You may want to avoid reinforcement learning if the problems you’re trying to solve lend themselves well to a linear relationship, you have a large amount of historical data to use for training a machine learning model, or you cannot accurately simulate the solution space or grade progress towards a full solution.

Reinforcement learning is one of many tools in a data scientist or AI engineer’s toolkit and that tool is very good at one thing: finding organic solutions to problems through structured experimentation without historical data.

That being said, when reinforcement learning works, it can surprise and delight users and even yield new discoveries through emergent strategies trained agents discover and employ to solve their problems.

Conclusion

In summary, if you want an AI agent that intelligently learns its environment, can discover optimal strategies, and even has the potential to surprise you with its innovations, reinforcement learning is something you should investigate.

While there are many different algorithms for reinforcement learning, all work by exploring the problem space, experimenting, generating a numerical score for various attempts, and then evolving towards things that performed well.
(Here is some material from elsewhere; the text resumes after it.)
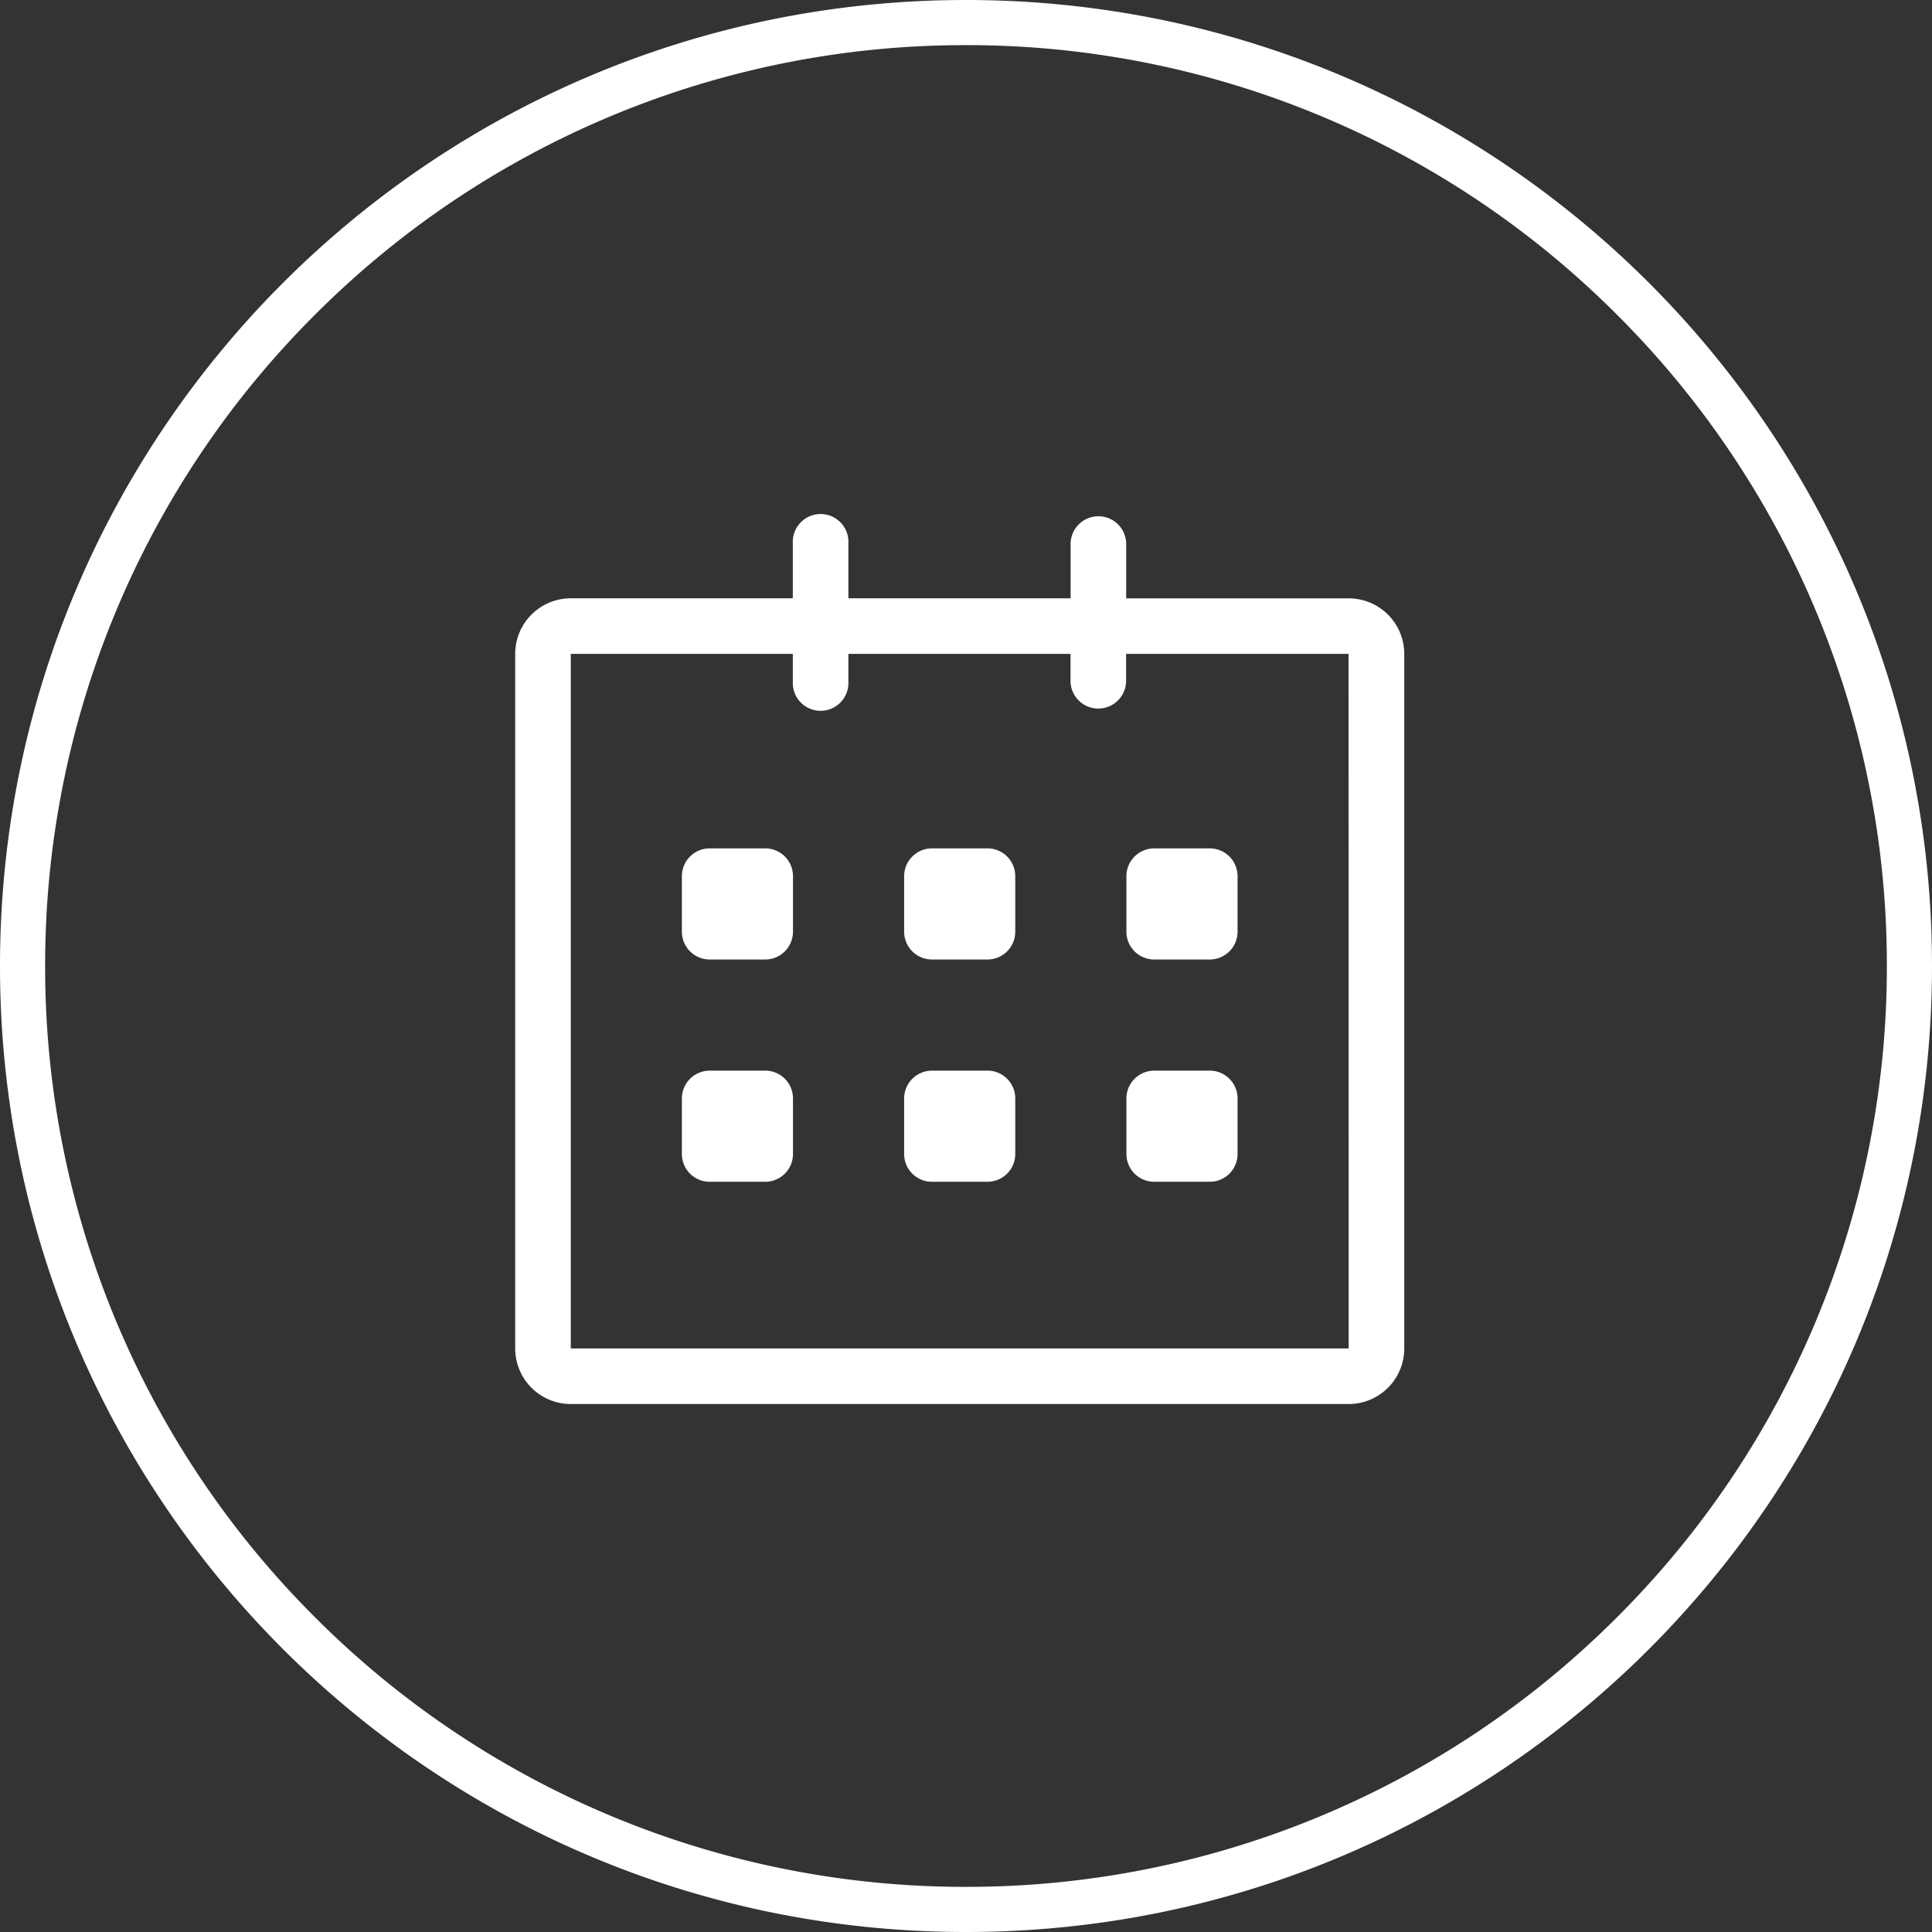 <svg xmlns="http://www.w3.org/2000/svg" width="42.792" height="42.792" viewBox="0 0 42.792 42.792"><rect x="0" y="0" width="42.792" height="42.792" fill="#333333" stroke="none"/><path d="M29.872 13.253h-4.928v-1.227a.616.616 0 00-1.231 0v1.226h-4.922v-1.226a.616.616 0 10-1.231 0v1.226h-4.918a1.231 1.231 0 00-1.231 1.231v15.384a1.231 1.231 0 001.231 1.231h17.23a1.231 1.231 0 001.231-1.231V14.483a1.231 1.231 0 00-1.231-1.23zm0 16.614h-17.23V14.483h4.918v.62a.616.616 0 101.231 0v-.62h4.92v.62a.616.616 0 001.231 0v-.62h4.927zm-4.308-8.615h1.231a.616.616 0 00.616-.615v-1.231a.616.616 0 00-.615-.615h-1.232a.616.616 0 00-.615.615v1.231a.616.616 0 00.615.615zm0 4.923h1.231a.615.615 0 00.616-.615v-1.231a.616.616 0 00-.615-.615h-1.232a.616.616 0 00-.615.615v1.231a.615.615 0 00.615.615zm-3.692-2.461h-1.231a.616.616 0 00-.615.615v1.231a.615.615 0 00.615.615h1.231a.615.615 0 00.615-.615v-1.231a.616.616 0 00-.615-.616zm0-4.923h-1.231a.616.616 0 00-.615.615v1.231a.616.616 0 00.615.615h1.231a.616.616 0 00.615-.615v-1.231a.615.615 0 00-.615-.615zm-4.923 0h-1.231a.616.616 0 00-.615.615v1.231a.616.616 0 00.615.615h1.231a.616.616 0 00.615-.615v-1.231a.615.615 0 00-.615-.615zm0 4.923h-1.231a.616.616 0 00-.615.615v1.231a.615.615 0 00.615.615h1.231a.615.615 0 00.615-.615v-1.231a.616.616 0 00-.615-.616z" fill="#fff"/><g fill="none" stroke="none"><path d="M21.4 0A21.4 21.4 0 110 21.4 21.4 21.4 0 0121.4 0z"/><path d="M21.396 1A20.33 20.33 0 006.974 6.974 20.33 20.33 0 001 21.396a20.33 20.33 0 005.974 14.422 20.33 20.33 0 0014.422 5.974 20.33 20.33 0 0014.422-5.974 20.33 20.33 0 005.974-14.422 20.33 20.33 0 00-5.974-14.422A20.33 20.33 0 0021.396 1m0-1c11.817 0 21.396 9.58 21.396 21.396 0 11.817-9.58 21.396-21.396 21.396C9.579 42.792 0 33.212 0 21.396 0 9.579 9.58 0 21.396 0z" fill="#fff"/></g></svg>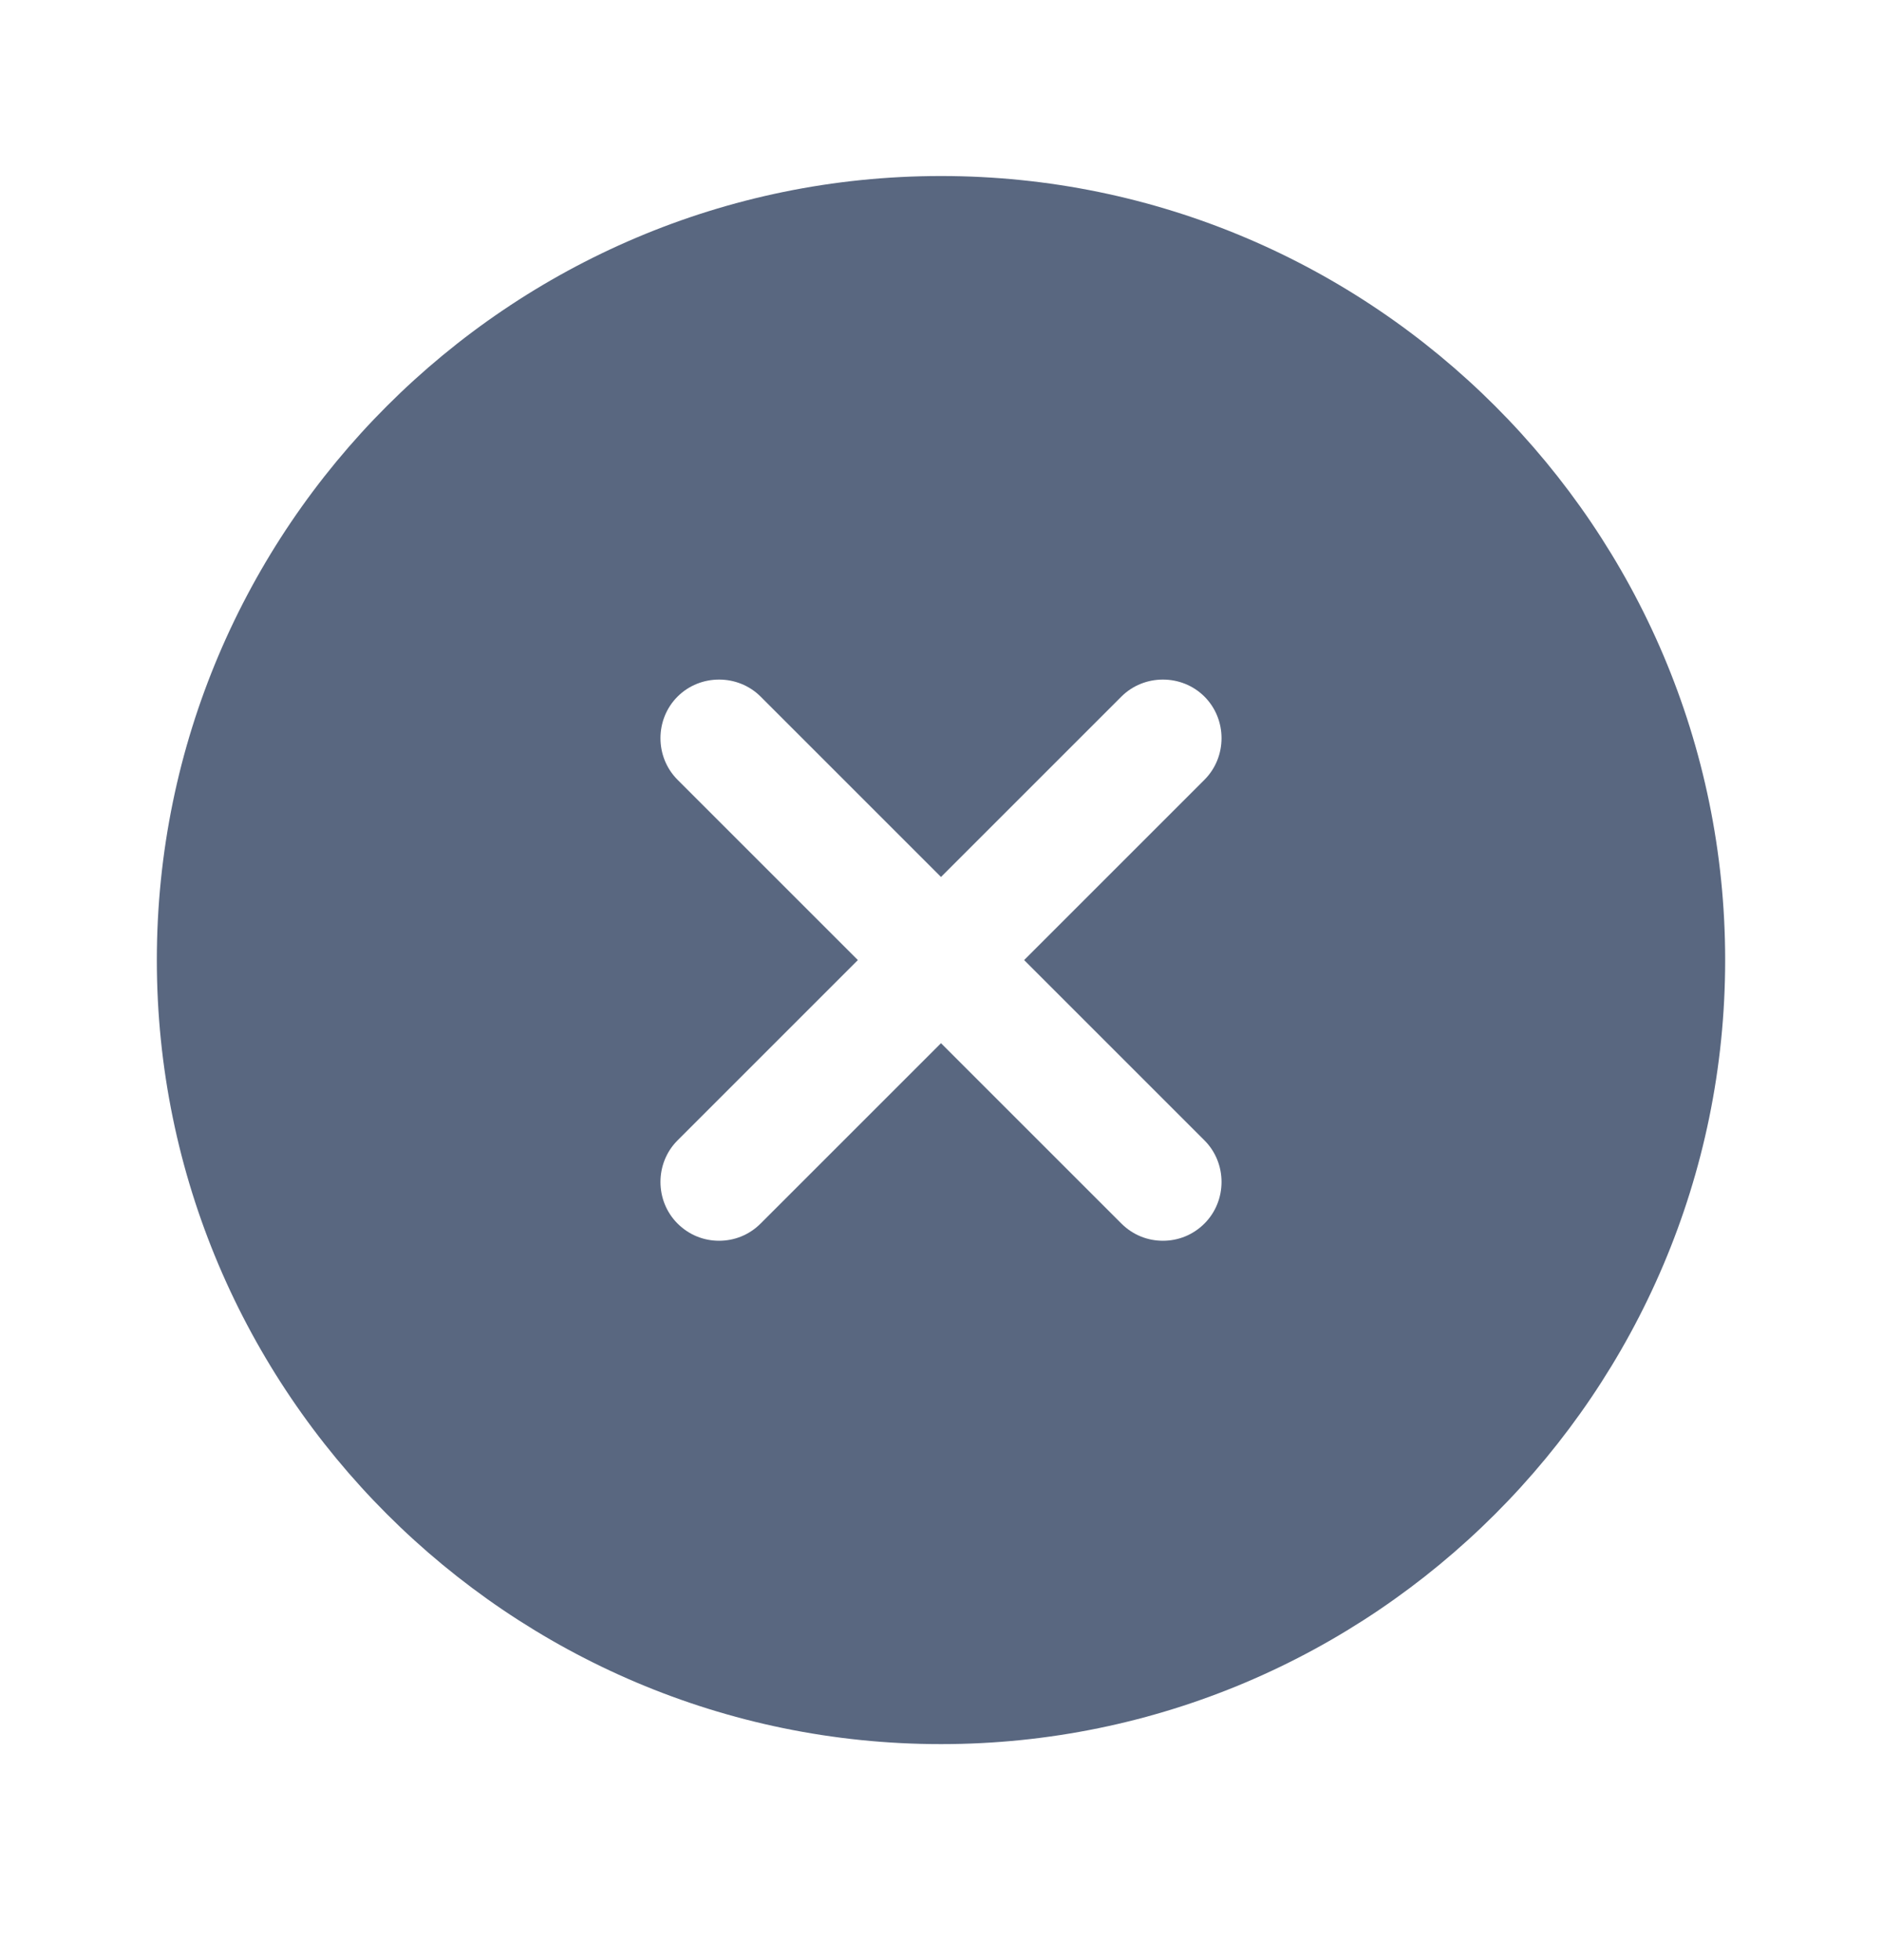 <svg width="24" height="25" viewBox="0 0 24 25" fill="none" xmlns="http://www.w3.org/2000/svg">
<path d="M12 2.245C6.49 2.245 2 6.735 2 12.245C2 17.755 6.49 22.245 12 22.245C17.51 22.245 22 17.755 22 12.245C22 6.735 17.51 2.245 12 2.245ZM15.36 14.545C15.65 14.835 15.65 15.315 15.36 15.605C15.21 15.755 15.02 15.825 14.83 15.825C14.64 15.825 14.45 15.755 14.3 15.605L12 13.305L9.7 15.605C9.55 15.755 9.36 15.825 9.17 15.825C8.98 15.825 8.79 15.755 8.64 15.605C8.35 15.315 8.35 14.835 8.64 14.545L10.94 12.245L8.64 9.945C8.35 9.655 8.35 9.175 8.64 8.885C8.93 8.595 9.41 8.595 9.7 8.885L12 11.185L14.3 8.885C14.59 8.595 15.07 8.595 15.36 8.885C15.65 9.175 15.65 9.655 15.36 9.945L13.06 12.245L15.36 14.545Z" fill="#596780"/>
</svg>

Some algorithms may have tendencies to converge more quickly on your solution while others may be easier to explain to others, but even more important than the specific type of reinforcement learning you choose is the scoring algorithm you employ.

My recommendation is that you pick a small starter project to get used to the ins and outs of reinforcement learning and how it works for a small problem. This should give you adequate experience to understand the obstacles you’ll face as you scale up to more challenging and complex environments.

If you’d like to learn more about reinforcement learning or play with a number of samples in controlled environments, I highly recommend you look at the documentation for OpenAI’s Gym library and particularly the basic usage page. OpenAI’s Gym provides a standardized environment for performing reinforcement learning on classic Atari games and a few other platforms and should be an educational resource. If you’d like a more detailed example, check out this tutorial on Paperspace’s blog.

Regardless of what path you take, I hope reinforcement learning can pleasantly surprise you and show you how AI can be much more than machine learning and how reinforcement learning can help you and your team discover surprising new strategies and approaches to the problems you’re facing.